フォーシーム平均は92マイル(約148キロ)前後まで戻り、20221年の右肘手術後で最高水準だった。それでもマイナー契約からメジャーに再昇格することは実現しなかった。
復調の鍵は調整方法の見直し。カブスの分析で、フォーシームをリリースする際「ボールの真後ろで放せているか」をチェック。球体の中心を力強く押し、スピンがかかるように投げることができるのか。リリースの瞬間、指先から伝える力がロスがないように伝わるかどうか。
現在のハイテク機器を使用した分析では、その強度と精度も数値化される。その数値が手術後で最も高かったと明かした。
日々の調整で、以前は使用していた公式球よりも重いボールを投げるトレーニングをやめた。右肘の負傷以降、重いボールを投げる際に自身も気付かぬうちに右肘への負担を逃がす投げ方が癖になり、リリースにズレが生じていた。体を縦に使うフォームに回帰したことも併せて本来の球質が戻った。
日本復帰は新たな挑戦だ。マエケンは「もう僕、浦島太郎状態ですよ」と笑う。前田が広島に在籍していた2015年当時とは、多くのレギュラーが入れ替わり、メンバー構成が変化した。昨今の投高打低を踏まえて「投げてみないと分からない」と慎重だ。

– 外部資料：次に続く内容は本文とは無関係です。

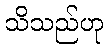
သိသည်ဟု
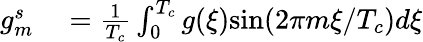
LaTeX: \begin{array}{rl}{g_{m}^{s}}&{{}=\frac{1}{T_{c}}\int_{0}^{T_{c}}g(\xi)\mathrm{sin}(2\pi m\xi/T_{c})d\xi}\end{array}
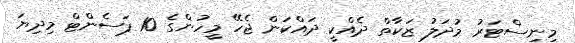
މިނިސްޓަރު މުދަލު ޒަކާތް ދެއްކީ ދައްކަން ޖެހޭ މީހުންގެ 10 ޕަސެންޓް މިދިޔަ
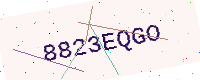
Text: 8823EQGO

ただ、広島時代には投げていなかったスプリットのように、落ちるチェンジアップやツーシームを今は右打者にも使う投球術がある。「日本でやっていた時よりレベルアップできてる」と自分の成長には手応えがある。
ヤンキース3Aスクラントンで投げる前田
使用するボールや登板間隔の違いにも冷静に向き合う。日本のボールは「スライダーは絶対投げやすい」とし、得意球が生きる環境だと想定している。今季マイナーで中4日、中5日で90~100球を投げ続けた経験があり、日本式の中6日ローテでも体の不安は少ない。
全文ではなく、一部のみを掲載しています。